── Dataset excerpts

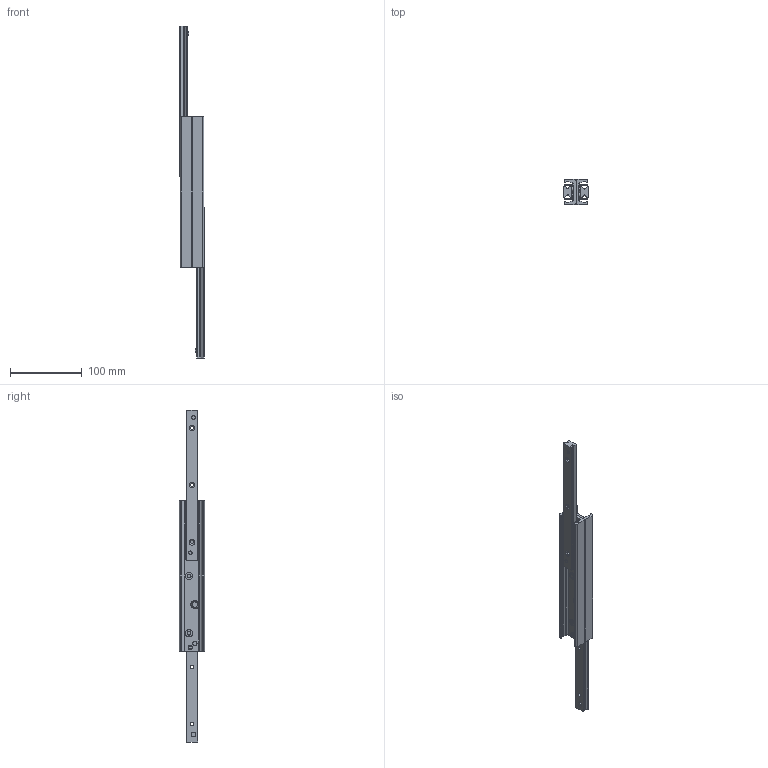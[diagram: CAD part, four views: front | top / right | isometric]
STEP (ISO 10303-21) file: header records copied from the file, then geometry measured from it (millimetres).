
FILE_DESCRIPTION((''),'2;1');
FILE_NAME('LCAH 35-0210.GG.stp','2011-04-04T10:33:36',('MKoza'),(''),'Autodesk Inventor 2009','Autodesk Inventor 2009','');
FILE_SCHEMA(('AUTOMOTIVE_DESIGN { 1 0 10303 214 1 1 1 1 }'));
Length unit declared in the file: millimetre
Products named in the file (8): LCAH 35.GG; LCH 35; LLMG 35; KF.LCA 35; AS.L 35 M5x3,2; VKB.L 35 5x10; AS.L 35 5x3,2; DIN 7337 - A5 x 8 x 4,5
Assembly tree (20 placements, depth 2):
  LCAH 35.GG
    LCH 35  x2
    LLMG 35  x2
    KF.LCA 35  x2
    AS.L 35 M5x3,2  x2
    VKB.L 35 5x10  x4
    AS.L 35 5x3,2  x4
    DIN 7337 - A5 x 8 x 4,5  x4
Bounding box: 34 x 35 x 464 mm (x, y, z)
Volume: 152413 mm3; surface area: 95708.6 mm2
Topology: 20 solids, 20 shells, 346 faces, 846 edges, 560 vertices
Faces by surface type: plane 182, cylinder 92, bspline 58, cone 10, torus 4
Full cylindrical faces by diameter (mm): 5 x14, 6 x6, 9.5 x4
Entity records: 5239 total; most frequent: CARTESIAN_POINT 1427, DIRECTION 756, ORIENTED_EDGE 676, EDGE_CURVE 338, AXIS2_PLACEMENT_3D 282, VERTEX_POINT 244, EDGE_LOOP 220, VECTOR 192

────

## Problem:
Everything from the line with "Faces by surface" through the last line of the material above should be echoed exactly, and nothing else.

## The answer:
Faces by surface type: plane 182, cylinder 92, bspline 58, cone 10, torus 4
Full cylindrical faces by diameter (mm): 5 x14, 6 x6, 9.5 x4
Entity records: 5239 total; most frequent: CARTESIAN_POINT 1427, DIRECTION 756, ORIENTED_EDGE 676, EDGE_CURVE 338, AXIS2_PLACEMENT_3D 282, VERTEX_POINT 244, EDGE_LOOP 220, VECTOR 192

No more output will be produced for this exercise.